__Exercise requirements__
For every line in the records that has the word "Group", make a copy.

__Exercise materials__
= = = =

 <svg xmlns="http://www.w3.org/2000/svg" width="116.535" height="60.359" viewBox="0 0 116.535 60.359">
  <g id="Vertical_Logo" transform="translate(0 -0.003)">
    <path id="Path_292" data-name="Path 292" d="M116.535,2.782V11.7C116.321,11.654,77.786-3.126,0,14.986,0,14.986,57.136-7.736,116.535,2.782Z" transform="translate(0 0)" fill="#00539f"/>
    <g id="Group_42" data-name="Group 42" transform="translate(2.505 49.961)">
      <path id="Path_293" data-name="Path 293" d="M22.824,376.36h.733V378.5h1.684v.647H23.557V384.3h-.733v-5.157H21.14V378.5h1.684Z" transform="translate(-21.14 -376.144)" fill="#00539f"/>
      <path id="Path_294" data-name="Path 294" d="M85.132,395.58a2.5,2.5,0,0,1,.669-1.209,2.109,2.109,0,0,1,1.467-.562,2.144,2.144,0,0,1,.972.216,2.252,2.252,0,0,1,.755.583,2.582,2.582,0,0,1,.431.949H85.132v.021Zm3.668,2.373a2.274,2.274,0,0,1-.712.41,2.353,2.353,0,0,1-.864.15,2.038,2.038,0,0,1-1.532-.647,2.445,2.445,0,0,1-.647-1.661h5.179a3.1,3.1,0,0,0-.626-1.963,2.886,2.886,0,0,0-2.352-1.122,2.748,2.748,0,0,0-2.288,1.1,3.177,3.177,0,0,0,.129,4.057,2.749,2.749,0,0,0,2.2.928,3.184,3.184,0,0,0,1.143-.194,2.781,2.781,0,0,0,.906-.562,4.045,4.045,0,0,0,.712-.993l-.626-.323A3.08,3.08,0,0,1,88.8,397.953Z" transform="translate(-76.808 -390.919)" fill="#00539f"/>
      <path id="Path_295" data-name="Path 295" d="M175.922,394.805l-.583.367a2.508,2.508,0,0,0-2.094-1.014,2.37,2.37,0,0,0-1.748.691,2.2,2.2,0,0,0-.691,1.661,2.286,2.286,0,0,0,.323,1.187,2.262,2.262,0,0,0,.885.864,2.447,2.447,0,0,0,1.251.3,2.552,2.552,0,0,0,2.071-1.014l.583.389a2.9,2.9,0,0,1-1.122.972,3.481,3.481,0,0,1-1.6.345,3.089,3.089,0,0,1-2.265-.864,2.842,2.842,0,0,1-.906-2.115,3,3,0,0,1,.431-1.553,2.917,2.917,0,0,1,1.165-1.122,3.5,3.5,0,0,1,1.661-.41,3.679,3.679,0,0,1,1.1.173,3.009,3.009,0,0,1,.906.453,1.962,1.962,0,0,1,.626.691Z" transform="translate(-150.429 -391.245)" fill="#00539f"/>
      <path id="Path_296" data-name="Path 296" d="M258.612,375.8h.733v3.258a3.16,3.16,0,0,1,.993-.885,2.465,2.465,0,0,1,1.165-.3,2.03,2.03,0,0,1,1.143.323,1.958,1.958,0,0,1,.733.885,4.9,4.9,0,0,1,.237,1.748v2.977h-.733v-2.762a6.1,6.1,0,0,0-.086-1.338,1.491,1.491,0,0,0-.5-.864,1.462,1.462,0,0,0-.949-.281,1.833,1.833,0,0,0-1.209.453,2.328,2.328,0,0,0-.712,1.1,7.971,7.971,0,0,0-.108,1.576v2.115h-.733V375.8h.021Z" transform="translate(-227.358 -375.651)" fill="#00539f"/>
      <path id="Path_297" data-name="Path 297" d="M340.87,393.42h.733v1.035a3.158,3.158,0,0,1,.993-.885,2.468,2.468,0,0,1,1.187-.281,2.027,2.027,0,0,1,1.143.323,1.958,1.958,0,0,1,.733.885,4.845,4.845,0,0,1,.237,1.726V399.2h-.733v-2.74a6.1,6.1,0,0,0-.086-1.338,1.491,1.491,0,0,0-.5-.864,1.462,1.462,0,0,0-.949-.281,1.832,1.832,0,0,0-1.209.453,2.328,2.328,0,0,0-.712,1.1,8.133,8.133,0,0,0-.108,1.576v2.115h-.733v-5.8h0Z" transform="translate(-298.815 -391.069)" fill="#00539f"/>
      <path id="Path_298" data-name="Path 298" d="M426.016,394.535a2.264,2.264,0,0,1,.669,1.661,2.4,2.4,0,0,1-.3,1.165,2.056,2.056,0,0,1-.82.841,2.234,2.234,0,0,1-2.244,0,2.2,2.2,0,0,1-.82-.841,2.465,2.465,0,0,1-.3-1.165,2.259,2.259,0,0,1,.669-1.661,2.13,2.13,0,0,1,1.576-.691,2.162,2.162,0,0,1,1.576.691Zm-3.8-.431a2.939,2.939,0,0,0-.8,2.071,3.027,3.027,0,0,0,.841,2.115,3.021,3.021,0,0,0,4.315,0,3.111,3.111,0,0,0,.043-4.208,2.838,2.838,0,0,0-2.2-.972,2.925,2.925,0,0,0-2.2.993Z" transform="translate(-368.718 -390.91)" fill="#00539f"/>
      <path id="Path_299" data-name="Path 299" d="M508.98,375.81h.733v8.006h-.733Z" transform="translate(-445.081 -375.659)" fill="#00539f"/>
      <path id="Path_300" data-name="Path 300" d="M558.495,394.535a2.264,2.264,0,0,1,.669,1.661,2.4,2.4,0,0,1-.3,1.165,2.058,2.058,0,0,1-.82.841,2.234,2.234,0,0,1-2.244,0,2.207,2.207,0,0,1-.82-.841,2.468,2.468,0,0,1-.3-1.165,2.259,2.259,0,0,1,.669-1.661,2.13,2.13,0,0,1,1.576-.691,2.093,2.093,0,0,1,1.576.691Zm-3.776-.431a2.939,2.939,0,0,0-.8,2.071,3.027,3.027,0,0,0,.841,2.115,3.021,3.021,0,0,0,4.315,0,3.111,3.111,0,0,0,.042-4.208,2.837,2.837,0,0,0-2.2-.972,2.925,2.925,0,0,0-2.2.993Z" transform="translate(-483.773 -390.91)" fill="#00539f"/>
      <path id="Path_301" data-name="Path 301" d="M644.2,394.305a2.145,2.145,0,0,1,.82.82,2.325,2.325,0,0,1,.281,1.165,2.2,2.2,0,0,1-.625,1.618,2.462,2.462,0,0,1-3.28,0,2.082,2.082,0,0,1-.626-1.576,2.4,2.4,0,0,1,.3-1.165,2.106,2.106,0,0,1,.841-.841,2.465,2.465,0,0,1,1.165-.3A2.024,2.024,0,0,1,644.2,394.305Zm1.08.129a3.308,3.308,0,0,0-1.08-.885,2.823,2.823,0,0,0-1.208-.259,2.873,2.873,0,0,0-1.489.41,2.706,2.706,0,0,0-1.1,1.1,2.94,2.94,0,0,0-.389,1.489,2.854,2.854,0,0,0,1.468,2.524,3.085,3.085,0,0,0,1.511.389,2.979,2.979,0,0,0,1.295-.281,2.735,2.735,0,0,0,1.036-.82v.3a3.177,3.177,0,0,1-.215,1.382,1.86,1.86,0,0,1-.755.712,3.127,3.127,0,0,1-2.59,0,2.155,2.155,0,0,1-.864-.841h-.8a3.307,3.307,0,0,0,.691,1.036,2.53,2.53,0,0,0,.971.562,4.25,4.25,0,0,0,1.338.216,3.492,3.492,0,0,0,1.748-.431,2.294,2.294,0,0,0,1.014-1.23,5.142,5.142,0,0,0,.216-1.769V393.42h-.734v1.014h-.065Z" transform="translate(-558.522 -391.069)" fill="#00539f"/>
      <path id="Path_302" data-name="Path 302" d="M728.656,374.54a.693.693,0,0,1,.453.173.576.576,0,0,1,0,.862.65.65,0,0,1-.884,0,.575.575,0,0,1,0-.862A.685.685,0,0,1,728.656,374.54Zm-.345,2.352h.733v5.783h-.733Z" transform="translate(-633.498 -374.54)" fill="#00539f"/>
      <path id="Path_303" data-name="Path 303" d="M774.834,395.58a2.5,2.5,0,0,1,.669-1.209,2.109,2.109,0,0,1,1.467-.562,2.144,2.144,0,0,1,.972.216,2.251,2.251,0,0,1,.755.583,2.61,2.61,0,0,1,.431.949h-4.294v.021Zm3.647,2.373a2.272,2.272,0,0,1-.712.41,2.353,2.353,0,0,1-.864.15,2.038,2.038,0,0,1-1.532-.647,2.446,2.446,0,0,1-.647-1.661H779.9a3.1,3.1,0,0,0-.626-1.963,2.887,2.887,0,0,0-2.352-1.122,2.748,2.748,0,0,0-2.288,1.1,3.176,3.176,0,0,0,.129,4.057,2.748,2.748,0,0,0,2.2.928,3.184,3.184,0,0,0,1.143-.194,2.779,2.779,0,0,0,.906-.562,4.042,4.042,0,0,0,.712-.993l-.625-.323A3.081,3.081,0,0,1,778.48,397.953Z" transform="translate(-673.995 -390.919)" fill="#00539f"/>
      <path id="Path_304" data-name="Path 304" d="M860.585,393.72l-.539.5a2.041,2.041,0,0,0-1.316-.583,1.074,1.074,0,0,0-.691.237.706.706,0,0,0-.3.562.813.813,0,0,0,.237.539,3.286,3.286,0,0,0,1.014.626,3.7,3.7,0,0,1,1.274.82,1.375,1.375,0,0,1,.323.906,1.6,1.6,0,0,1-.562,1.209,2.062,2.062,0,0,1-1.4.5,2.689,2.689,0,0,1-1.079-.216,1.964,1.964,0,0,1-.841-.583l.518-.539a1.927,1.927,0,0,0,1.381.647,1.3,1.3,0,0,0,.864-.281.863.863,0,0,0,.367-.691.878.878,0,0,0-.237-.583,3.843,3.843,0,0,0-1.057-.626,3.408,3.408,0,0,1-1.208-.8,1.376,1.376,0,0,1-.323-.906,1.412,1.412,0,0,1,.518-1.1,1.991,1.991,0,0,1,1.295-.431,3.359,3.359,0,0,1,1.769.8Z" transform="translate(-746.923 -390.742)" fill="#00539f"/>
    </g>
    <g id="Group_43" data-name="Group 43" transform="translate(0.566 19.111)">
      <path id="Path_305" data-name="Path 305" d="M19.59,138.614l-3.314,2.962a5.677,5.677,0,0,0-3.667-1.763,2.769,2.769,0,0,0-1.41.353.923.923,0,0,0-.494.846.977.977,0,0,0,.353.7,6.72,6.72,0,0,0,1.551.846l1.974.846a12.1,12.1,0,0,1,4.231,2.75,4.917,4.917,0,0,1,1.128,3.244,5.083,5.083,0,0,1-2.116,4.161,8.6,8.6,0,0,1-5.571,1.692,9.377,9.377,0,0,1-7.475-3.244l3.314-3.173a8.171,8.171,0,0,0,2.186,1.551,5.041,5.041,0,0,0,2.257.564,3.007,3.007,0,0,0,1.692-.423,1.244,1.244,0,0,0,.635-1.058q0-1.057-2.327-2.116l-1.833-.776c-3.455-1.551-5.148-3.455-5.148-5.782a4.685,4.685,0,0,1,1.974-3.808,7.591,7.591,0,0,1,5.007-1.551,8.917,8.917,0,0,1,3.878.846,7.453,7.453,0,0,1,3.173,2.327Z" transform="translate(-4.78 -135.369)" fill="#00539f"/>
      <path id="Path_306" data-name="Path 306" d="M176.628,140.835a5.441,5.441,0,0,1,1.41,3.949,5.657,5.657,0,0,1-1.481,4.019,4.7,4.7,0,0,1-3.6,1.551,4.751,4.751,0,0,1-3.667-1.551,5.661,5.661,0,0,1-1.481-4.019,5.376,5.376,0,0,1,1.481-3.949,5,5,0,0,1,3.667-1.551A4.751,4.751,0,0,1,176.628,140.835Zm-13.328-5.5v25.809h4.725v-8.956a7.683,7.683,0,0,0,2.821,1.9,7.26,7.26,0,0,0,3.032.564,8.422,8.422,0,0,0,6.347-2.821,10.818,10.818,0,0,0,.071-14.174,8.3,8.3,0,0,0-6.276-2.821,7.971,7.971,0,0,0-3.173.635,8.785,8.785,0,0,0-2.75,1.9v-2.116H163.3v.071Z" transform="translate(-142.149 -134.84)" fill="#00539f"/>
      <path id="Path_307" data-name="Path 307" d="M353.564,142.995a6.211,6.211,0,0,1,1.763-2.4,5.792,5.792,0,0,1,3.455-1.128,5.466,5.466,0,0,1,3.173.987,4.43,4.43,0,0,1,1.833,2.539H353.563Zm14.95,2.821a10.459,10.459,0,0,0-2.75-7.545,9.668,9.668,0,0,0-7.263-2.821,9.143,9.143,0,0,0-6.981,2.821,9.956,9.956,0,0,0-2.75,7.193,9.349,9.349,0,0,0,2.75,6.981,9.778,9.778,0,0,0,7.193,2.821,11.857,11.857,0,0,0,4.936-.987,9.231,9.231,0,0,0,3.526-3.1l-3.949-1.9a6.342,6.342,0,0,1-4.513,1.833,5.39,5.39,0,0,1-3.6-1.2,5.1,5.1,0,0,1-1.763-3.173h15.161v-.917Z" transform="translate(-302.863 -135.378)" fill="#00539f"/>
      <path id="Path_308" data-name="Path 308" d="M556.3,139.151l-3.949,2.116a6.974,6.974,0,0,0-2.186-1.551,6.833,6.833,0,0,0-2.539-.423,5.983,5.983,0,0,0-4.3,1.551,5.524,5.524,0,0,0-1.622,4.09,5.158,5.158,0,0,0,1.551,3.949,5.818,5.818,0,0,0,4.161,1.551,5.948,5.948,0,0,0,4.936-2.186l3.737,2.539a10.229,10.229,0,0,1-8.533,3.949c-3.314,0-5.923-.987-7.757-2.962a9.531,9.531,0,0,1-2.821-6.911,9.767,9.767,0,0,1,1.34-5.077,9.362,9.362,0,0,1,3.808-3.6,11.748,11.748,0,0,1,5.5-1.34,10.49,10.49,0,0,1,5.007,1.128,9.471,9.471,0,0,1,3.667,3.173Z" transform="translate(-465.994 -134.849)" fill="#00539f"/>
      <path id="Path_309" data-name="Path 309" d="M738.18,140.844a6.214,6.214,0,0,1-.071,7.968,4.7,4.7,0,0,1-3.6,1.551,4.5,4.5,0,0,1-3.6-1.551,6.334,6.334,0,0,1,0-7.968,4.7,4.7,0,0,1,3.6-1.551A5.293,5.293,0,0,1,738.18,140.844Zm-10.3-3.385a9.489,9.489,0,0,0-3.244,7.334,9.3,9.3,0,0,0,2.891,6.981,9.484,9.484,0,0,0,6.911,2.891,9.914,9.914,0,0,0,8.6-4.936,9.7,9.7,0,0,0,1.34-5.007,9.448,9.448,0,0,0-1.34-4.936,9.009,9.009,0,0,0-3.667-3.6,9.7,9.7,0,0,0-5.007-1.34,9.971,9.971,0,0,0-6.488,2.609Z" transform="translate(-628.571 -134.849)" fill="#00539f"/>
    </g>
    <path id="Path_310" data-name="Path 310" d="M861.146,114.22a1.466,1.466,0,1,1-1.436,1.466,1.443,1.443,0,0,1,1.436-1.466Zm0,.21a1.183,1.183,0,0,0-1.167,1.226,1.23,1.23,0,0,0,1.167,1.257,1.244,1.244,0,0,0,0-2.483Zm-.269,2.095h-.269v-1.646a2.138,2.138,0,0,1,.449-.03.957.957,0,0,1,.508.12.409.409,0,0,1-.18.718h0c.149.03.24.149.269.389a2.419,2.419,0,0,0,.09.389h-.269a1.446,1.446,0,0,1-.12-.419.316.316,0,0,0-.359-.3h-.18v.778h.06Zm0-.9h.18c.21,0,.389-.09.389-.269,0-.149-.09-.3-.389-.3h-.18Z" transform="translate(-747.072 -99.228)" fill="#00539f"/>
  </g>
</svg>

= = = =

__Output below__
    <g id="Group_42" data-name="Group 42" transform="translate(2.505 49.961)">
    <g id="Group_43" data-name="Group 43" transform="translate(0.566 19.111)">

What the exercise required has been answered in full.